Beijing-based Shengshu Technology announced a significant upgrade to its AI-powered video generation tool, Vidu, on Wednesday. The new feature enables Vidu to create dynamic videos by combining multiple images, offering users the ability to generate video sequences by merging three distinct pictures, such as a shirt, person, and moped, into a single video of the person wearing the shirt and riding the moped.
Launched in April, Vidu initially gained attention for its ability to create short 8-second video clips from text prompts. The new feature adds a layer of complexity, claiming to achieve greater visual consistency by integrating different images into fluid, AI-generated videos. This development positions Vidu as a potential competitor to OpenAI’s Sora, which was revealed in February as an AI model capable of generating one-minute videos from text. However, OpenAI has yet to release Sora publicly.

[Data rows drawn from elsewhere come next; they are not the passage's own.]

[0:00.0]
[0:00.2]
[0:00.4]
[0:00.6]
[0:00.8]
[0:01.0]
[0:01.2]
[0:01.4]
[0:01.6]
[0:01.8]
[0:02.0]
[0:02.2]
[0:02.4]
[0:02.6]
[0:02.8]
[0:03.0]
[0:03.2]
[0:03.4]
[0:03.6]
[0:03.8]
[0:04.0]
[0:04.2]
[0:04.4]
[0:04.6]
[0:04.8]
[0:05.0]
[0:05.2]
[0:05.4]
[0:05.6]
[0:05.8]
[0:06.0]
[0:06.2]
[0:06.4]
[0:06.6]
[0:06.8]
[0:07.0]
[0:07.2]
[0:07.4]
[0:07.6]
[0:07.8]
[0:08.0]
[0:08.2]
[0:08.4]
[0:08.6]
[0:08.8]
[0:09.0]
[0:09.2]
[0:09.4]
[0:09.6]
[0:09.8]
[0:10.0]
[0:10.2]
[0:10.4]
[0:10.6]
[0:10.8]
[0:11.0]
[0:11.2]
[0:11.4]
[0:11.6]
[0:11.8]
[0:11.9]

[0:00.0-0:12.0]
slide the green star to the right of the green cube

Fan Bao, Shengshu’s Chief Technology Officer, emphasized that addressing visual consistency was a key challenge for the company. “Very early on we pinpointed [visual consistency] as the problem, and wanted to solve it well,” Bao said.

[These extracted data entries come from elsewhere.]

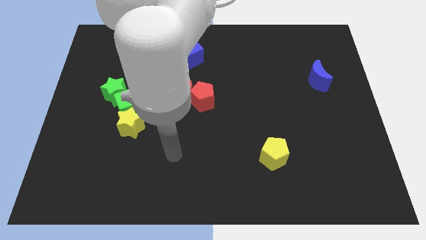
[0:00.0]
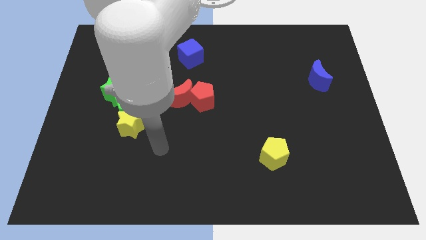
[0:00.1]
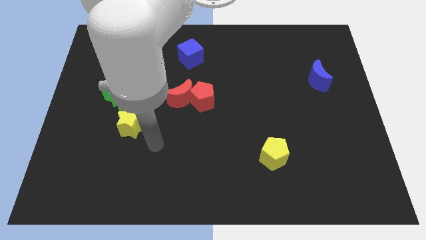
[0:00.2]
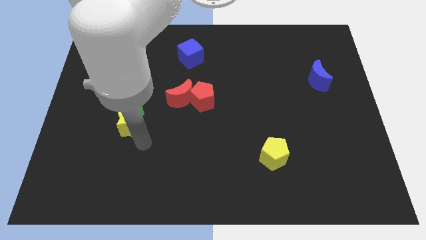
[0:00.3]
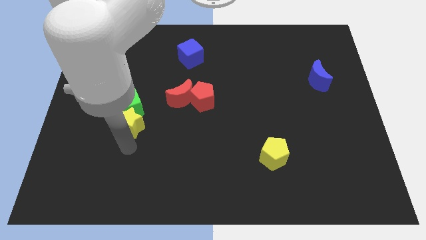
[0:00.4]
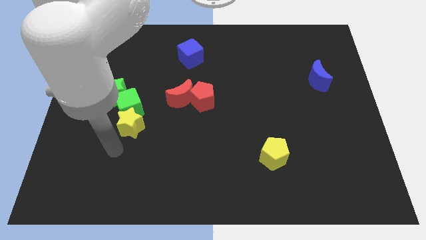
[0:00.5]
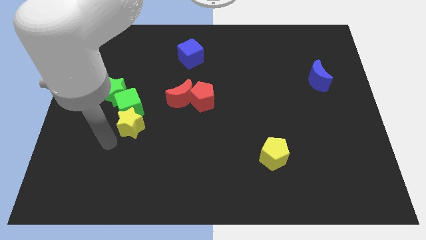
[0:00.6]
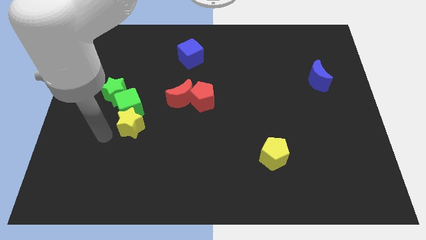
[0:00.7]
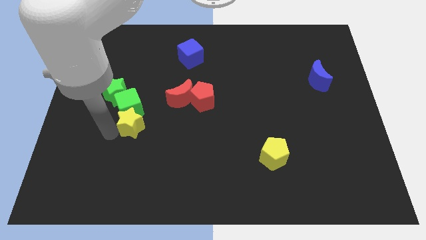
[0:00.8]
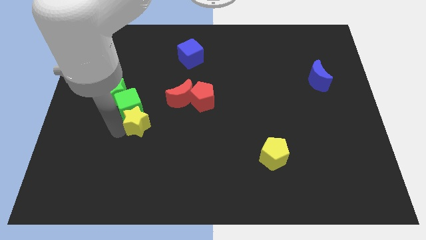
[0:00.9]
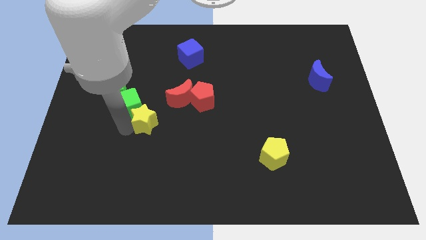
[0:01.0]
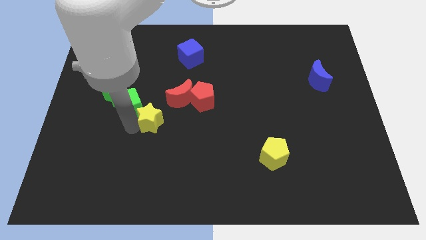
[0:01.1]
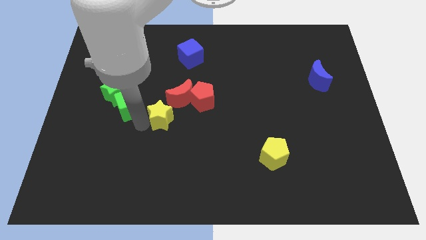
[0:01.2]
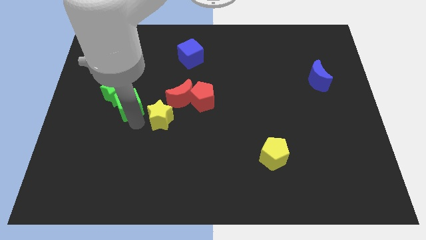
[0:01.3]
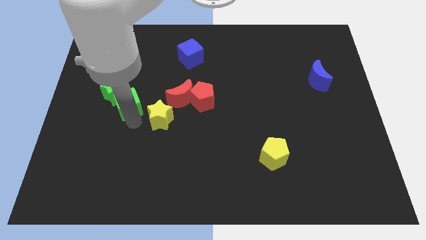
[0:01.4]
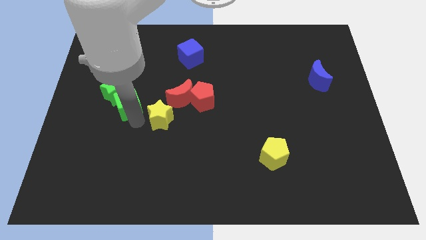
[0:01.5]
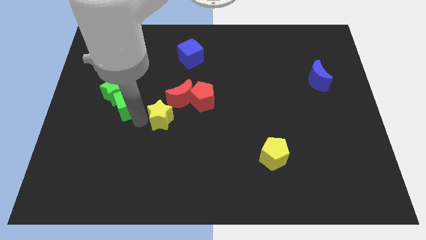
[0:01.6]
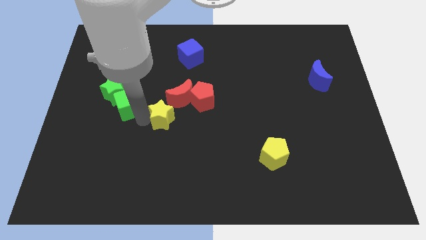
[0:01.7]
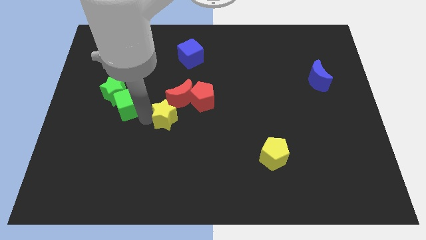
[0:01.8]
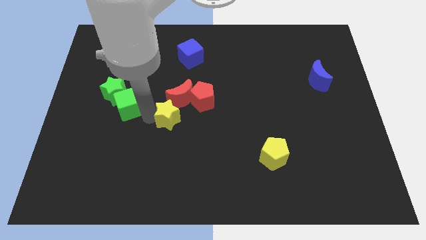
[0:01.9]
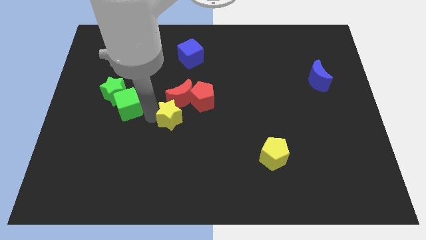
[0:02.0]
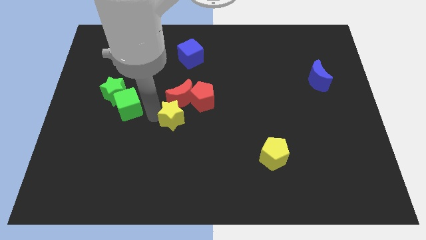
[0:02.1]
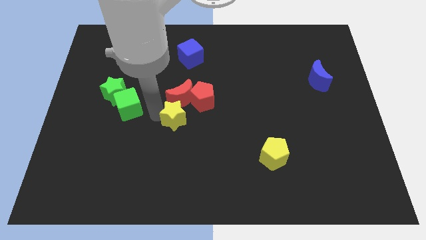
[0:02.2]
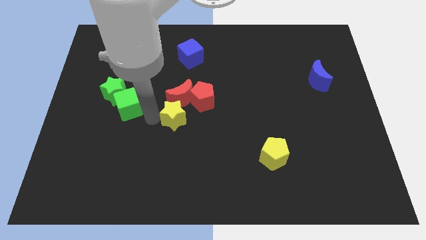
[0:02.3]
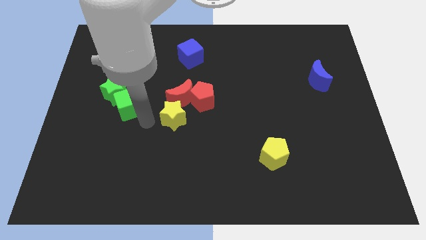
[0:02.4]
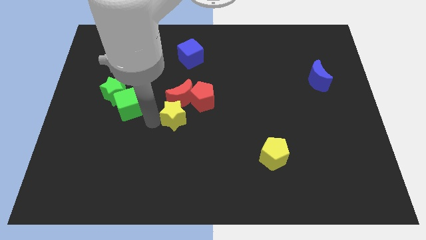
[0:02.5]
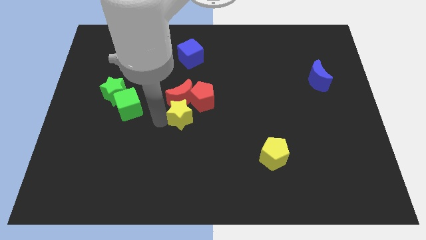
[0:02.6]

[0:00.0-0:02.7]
slide the yellow star to the bottom right of the red moon

Vidu’s innovative capabilities have already garnered attention, with the platform’s ability to turn two profile photos into lifelike videos of people hugging going viral on TikTok. The tool has also started generating revenue, with monthly usage rates ranging from 100,000 yuan to 1 million yuan ($13,871 to $138,711), primarily from advertisers, animators, and other businesses.
To mitigate potential copyright concerns, Shengshu is exploring partnerships with artists to allow their styles to be mimicked in AI-generated ads. The company also ensures that Vidu adheres to global data protection standards, removing personal data from users in compliance with privacy regulations.
Founded in 2023, Shengshu has attracted investment from Baidu Ventures, Ant Group, and other prominent backers. Vidu’s AI technology runs on rented cloud servers both domestically and internationally.